Beyond The 4% Rule: The science of retirement portfolios that last a lifetime by Abraham Okusanya

Beyond The 4% Rule: The science of retirement portfolios that last a lifetime by Abraham Okusanya

Author:Abraham Okusanya [Okusanya, Abraham]
Language: eng
Format: azw3
ISBN: 9781985721647
Publisher: Abraham Okusanya
Published: 2018-03-08T05:00:00+00:00


These strategies use different ways to adjust the withdrawals for inflation.

Fixed withdrawal – no inflation adjustment

A key feature of Bengen’s SWR is that withdrawals are adjusted (up or down) for inflation every year. But there’s abundant research to show that spending in retirement isn’t static in real terms. In fact, spending tends to fall in real terms.
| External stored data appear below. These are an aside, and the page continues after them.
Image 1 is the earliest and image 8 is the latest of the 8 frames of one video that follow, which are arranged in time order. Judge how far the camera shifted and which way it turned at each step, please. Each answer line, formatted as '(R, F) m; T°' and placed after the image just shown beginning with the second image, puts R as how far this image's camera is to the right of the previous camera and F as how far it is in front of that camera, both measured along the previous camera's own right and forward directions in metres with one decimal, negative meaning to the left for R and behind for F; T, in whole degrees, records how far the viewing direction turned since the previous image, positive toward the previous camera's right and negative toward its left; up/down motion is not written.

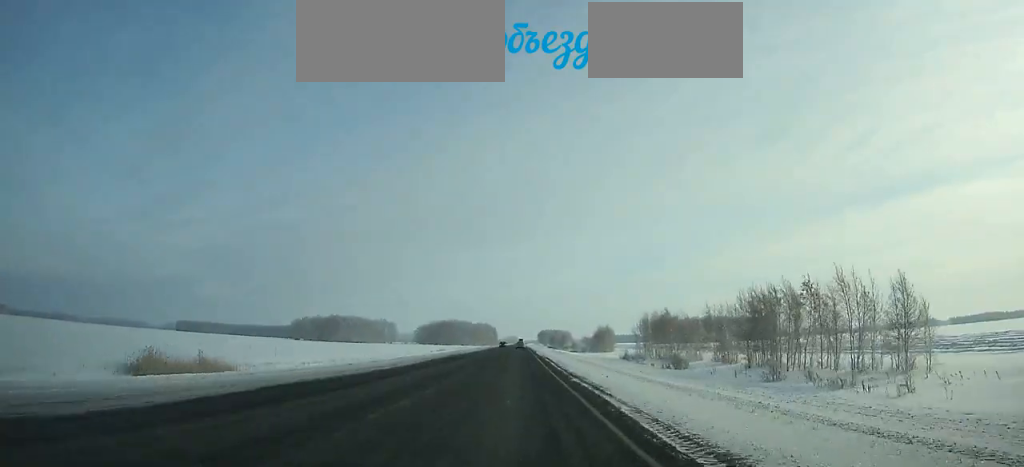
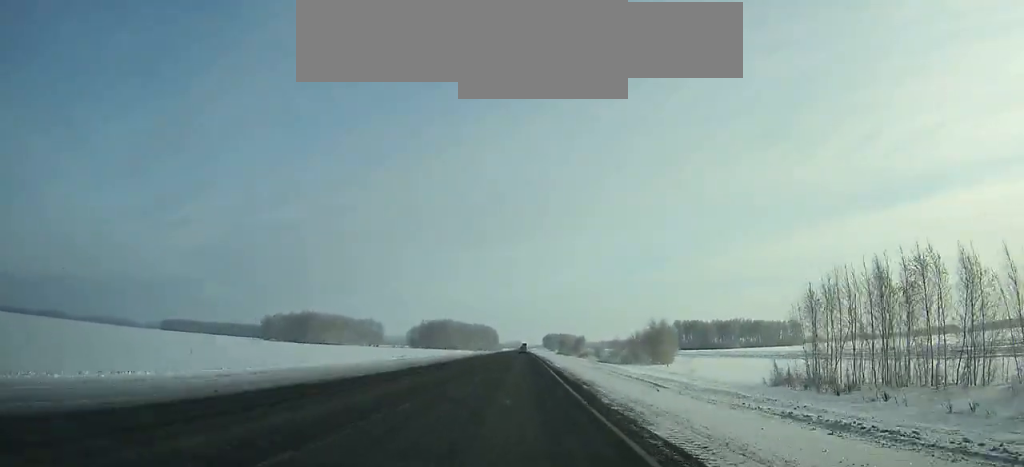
(+0.4, +65.5) m; 0°
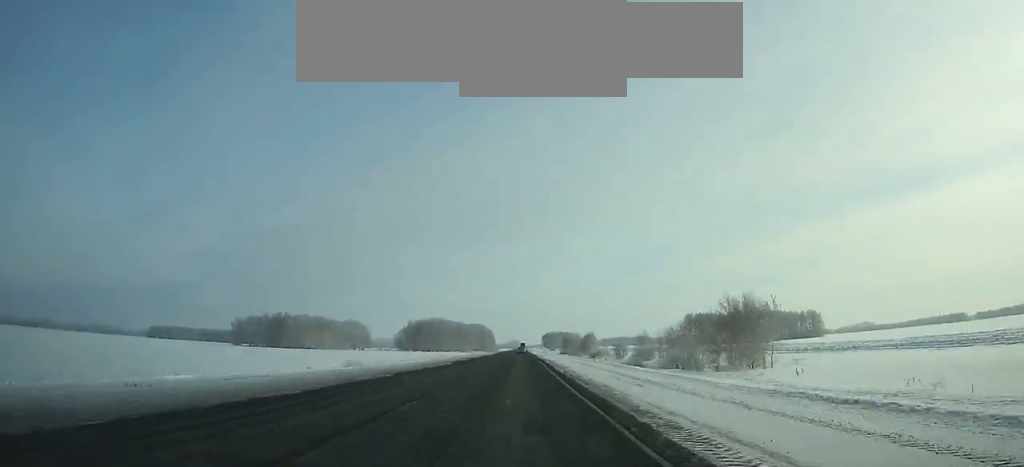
(0.0, +40.8) m; 0°
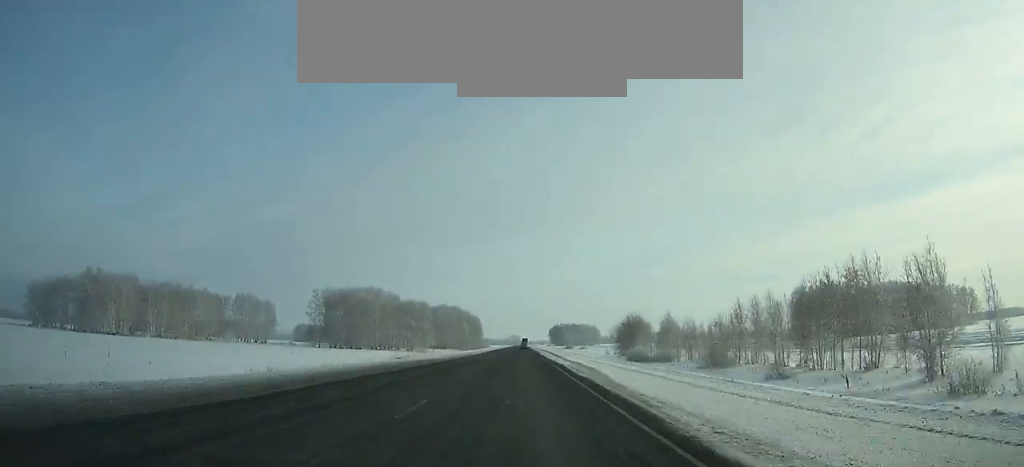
(+0.2, +176.7) m; 0°
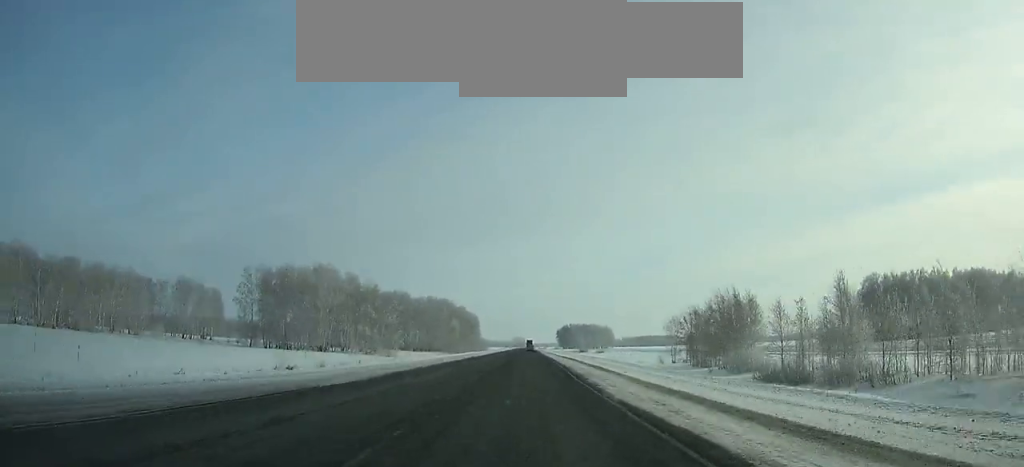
(0.0, +55.0) m; 0°
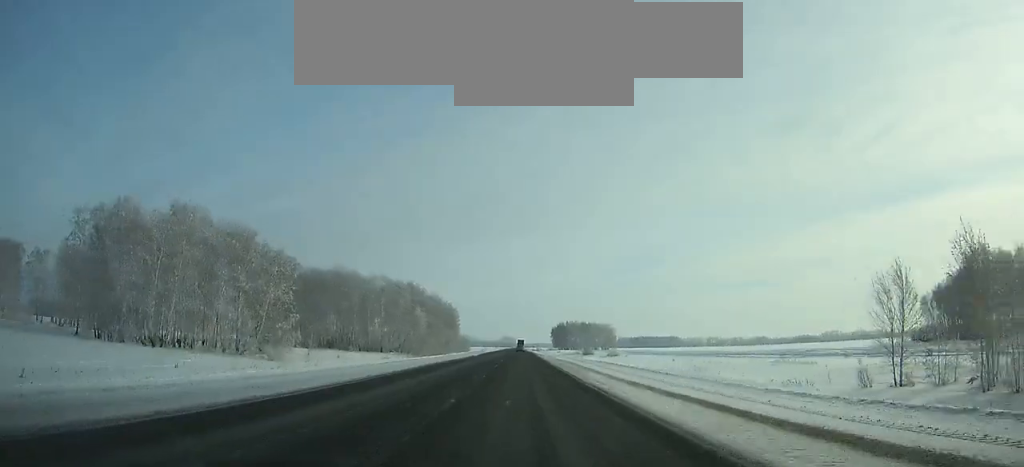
(0.0, +59.8) m; 0°
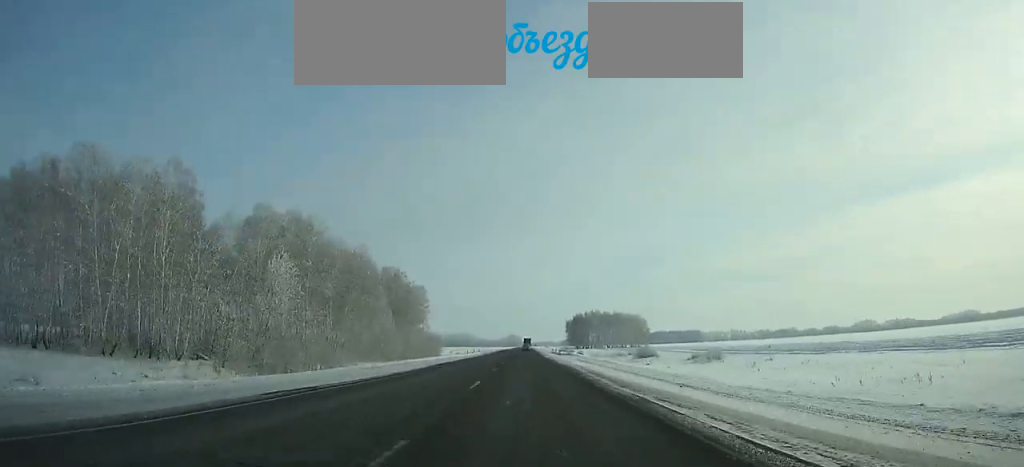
(0.0, +97.7) m; 0°
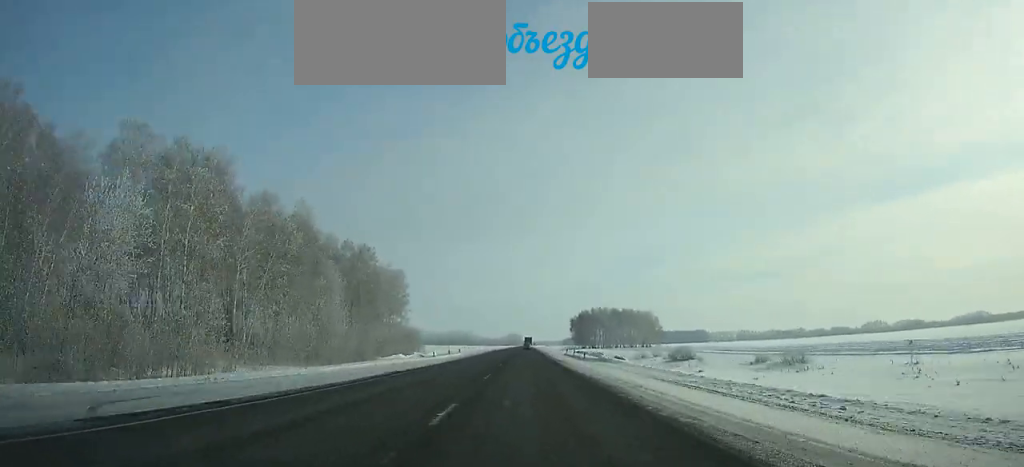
(0.0, +30.6) m; 0°

Around 90% of annuities purchased are fixed annuities, without any index links or inflation adjustments.

So, what’s the sustainable withdrawal rate if we don’t adjust income for inflation?
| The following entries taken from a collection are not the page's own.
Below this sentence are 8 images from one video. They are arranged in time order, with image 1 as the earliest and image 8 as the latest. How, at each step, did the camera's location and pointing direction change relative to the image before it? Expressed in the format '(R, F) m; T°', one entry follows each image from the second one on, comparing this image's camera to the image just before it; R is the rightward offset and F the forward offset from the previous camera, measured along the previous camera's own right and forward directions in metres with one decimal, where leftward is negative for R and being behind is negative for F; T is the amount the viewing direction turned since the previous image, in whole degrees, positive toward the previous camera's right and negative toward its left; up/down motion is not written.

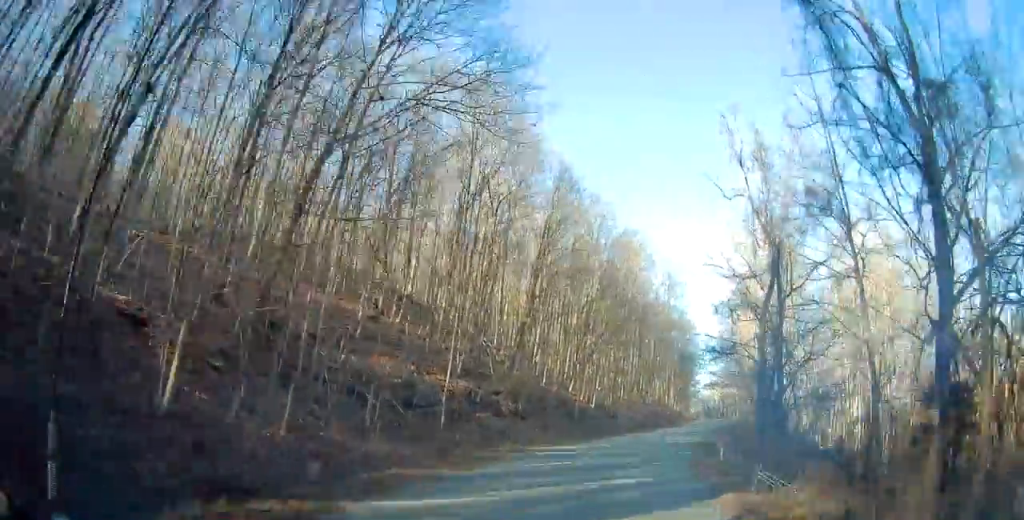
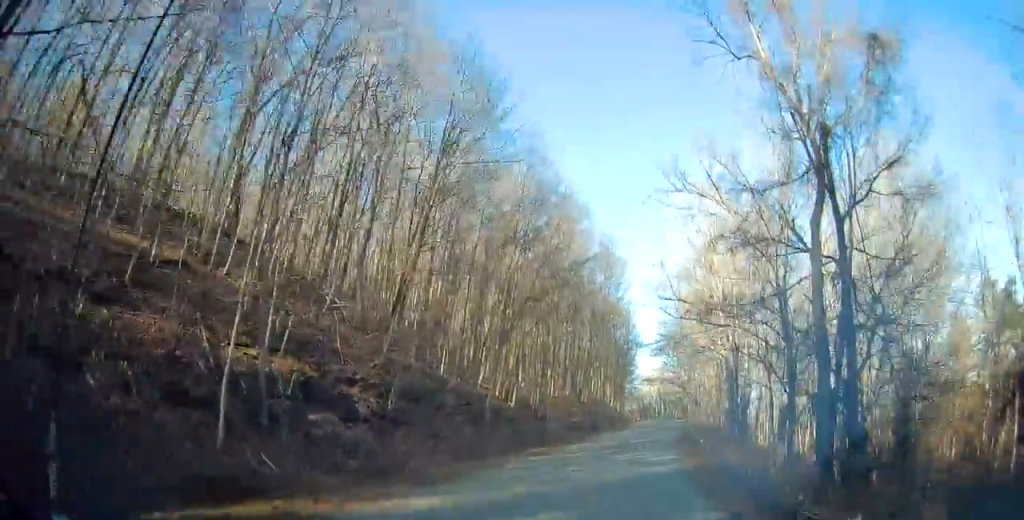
(+0.9, +14.2) m; +6°
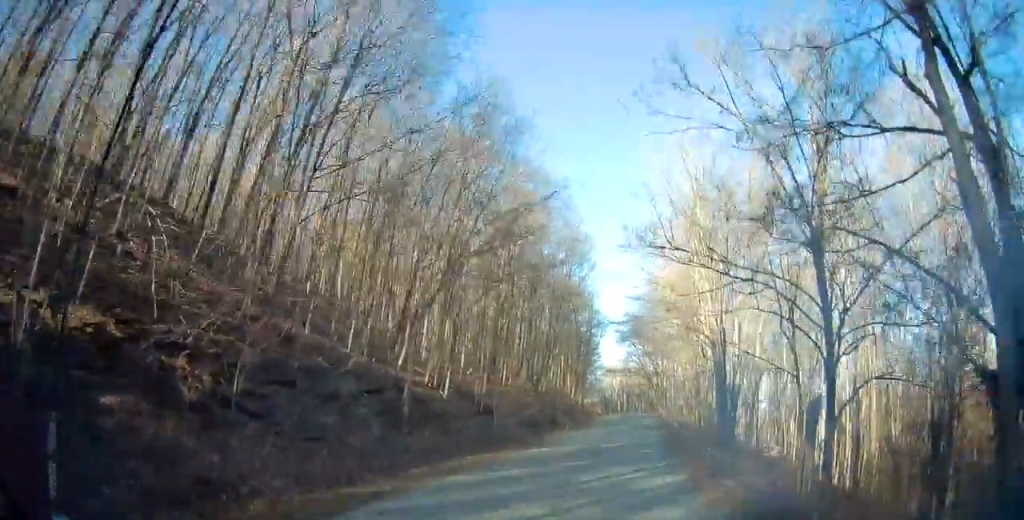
(+0.2, +8.8) m; +4°
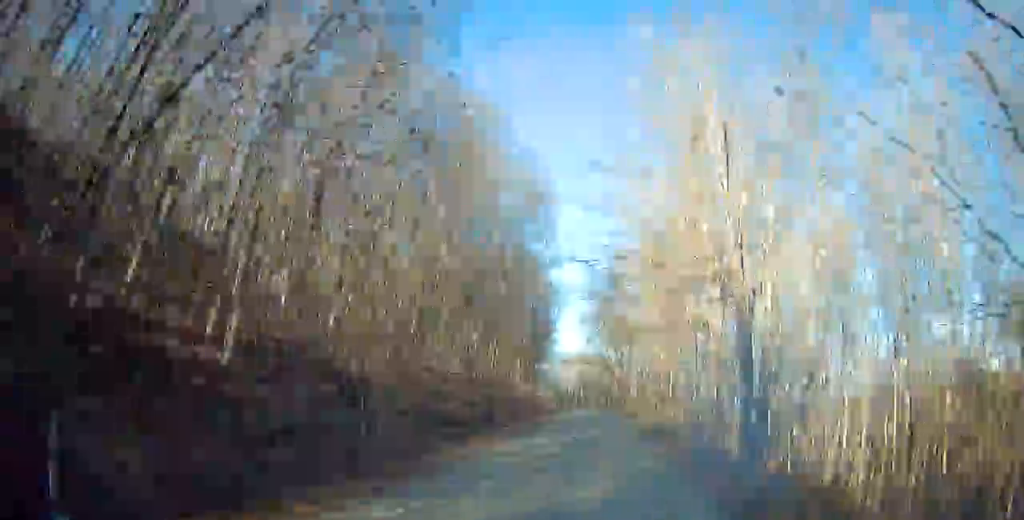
(+1.0, +15.5) m; +6°
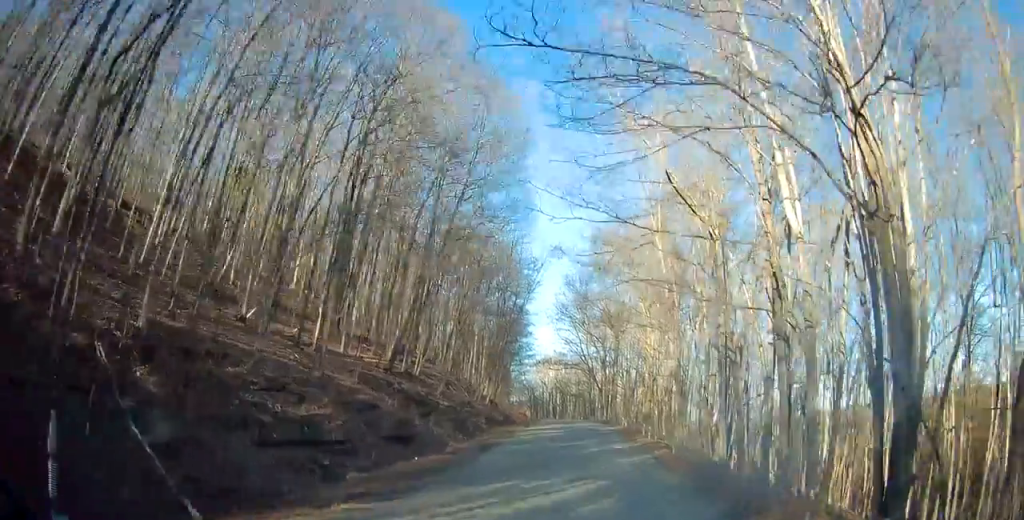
(+0.4, +14.0) m; +3°
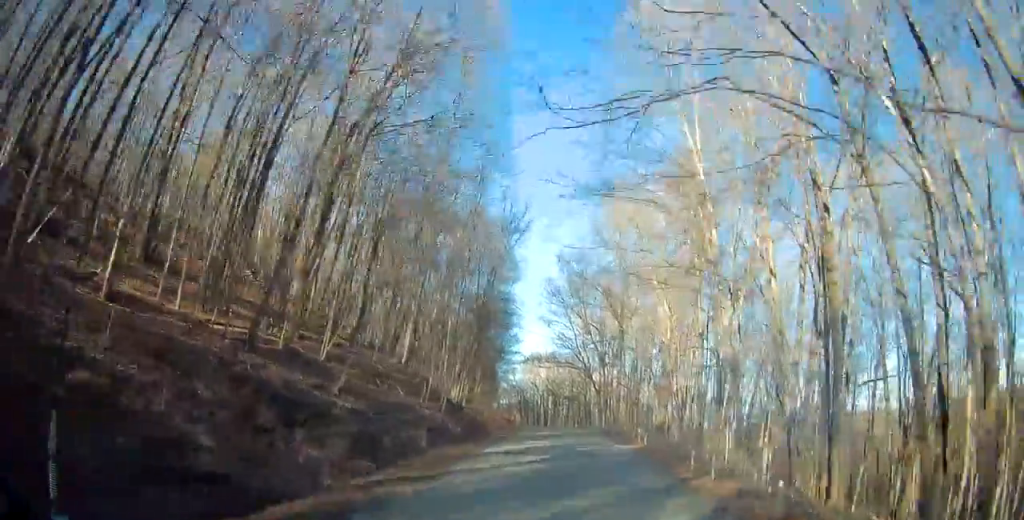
(+0.4, +13.1) m; +3°
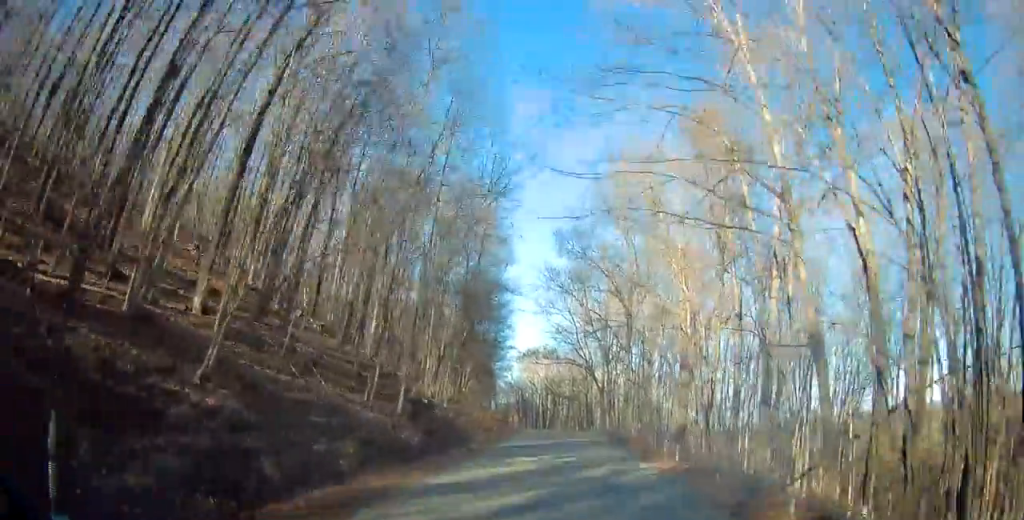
(+0.1, +7.6) m; +1°
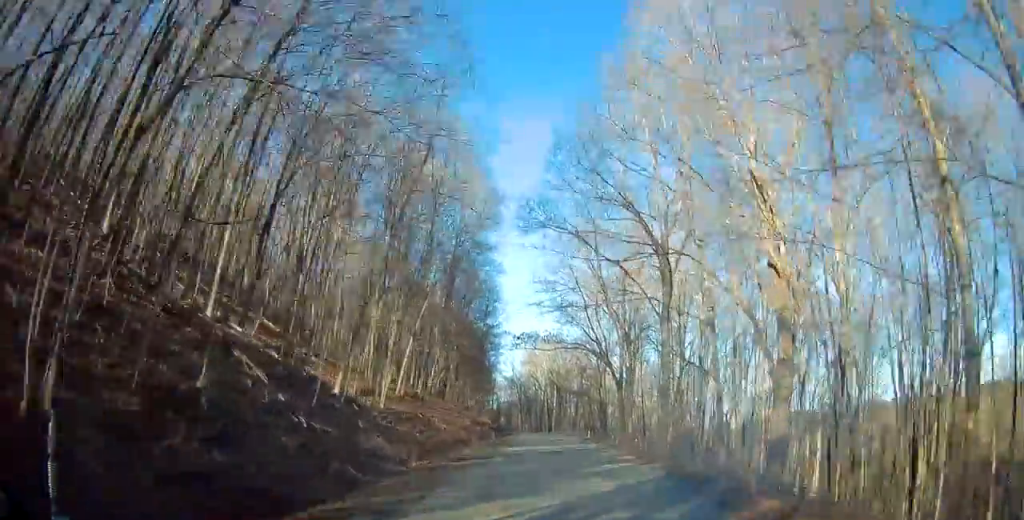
(-0.3, +16.8) m; -2°

The fixed or level withdrawal strategy defines withdrawal as a percentage of the initial portfolio. Subsequent amounts aren’t adjusted for inflation. For instance, a withdrawal rate of 5% from a £100,000 portfolio will produce an income of £5,000 in the first year. The retiree takes an income of £5,000 each year. This happens regardless of the portfolio value and the income isn’t adjusted for inflation. This strategy mimics level annuities.

Fig. 36 opposite compares fixed and inflation-adjusted withdrawals. It shows historical maximum sustainable withdrawal rates over a rolling 30-year period. A gross withdrawal rate of 4.5% (before fees) is the worst historical scenario for retirees opting for fixed withdrawals. This compares favourably with 3.1% for inflation-adjusted withdrawals.

Even after accounting for a 1% fee, the 50/50 UK portfolio still supports a fixed withdrawal of 4% of the initial portfolio over a 30-year period in the historical worst-case scenarios.

Most retirees appear to be comfortable with this approach, because they tend to spend progressively less as they get older.

However, with a fixed approach there’s the danger that the real value of their income will fall faster than what they need. To understand the impact of inflation, we can compare the real income under this fixed withdrawal (FW) with Bengen’s constant inflation-adjusted withdrawal (CIAW) strategy.

For this comparison, consider two hypothetical retirees, James and John. They each have a portfolio of £100,000. The asset allocation is the same 50/50 UK portfolio, with annual rebalancing and total portfolio charges of 1%. Our first retiree James adopts Bengen’s CIAW method. He takes £2,600pa from his portfolio, which is then adjusted for inflation each year. Our second retiree John adopts the FW approach. He takes £3950pa from his portfolio but it’s not adjusted for inflation in future years.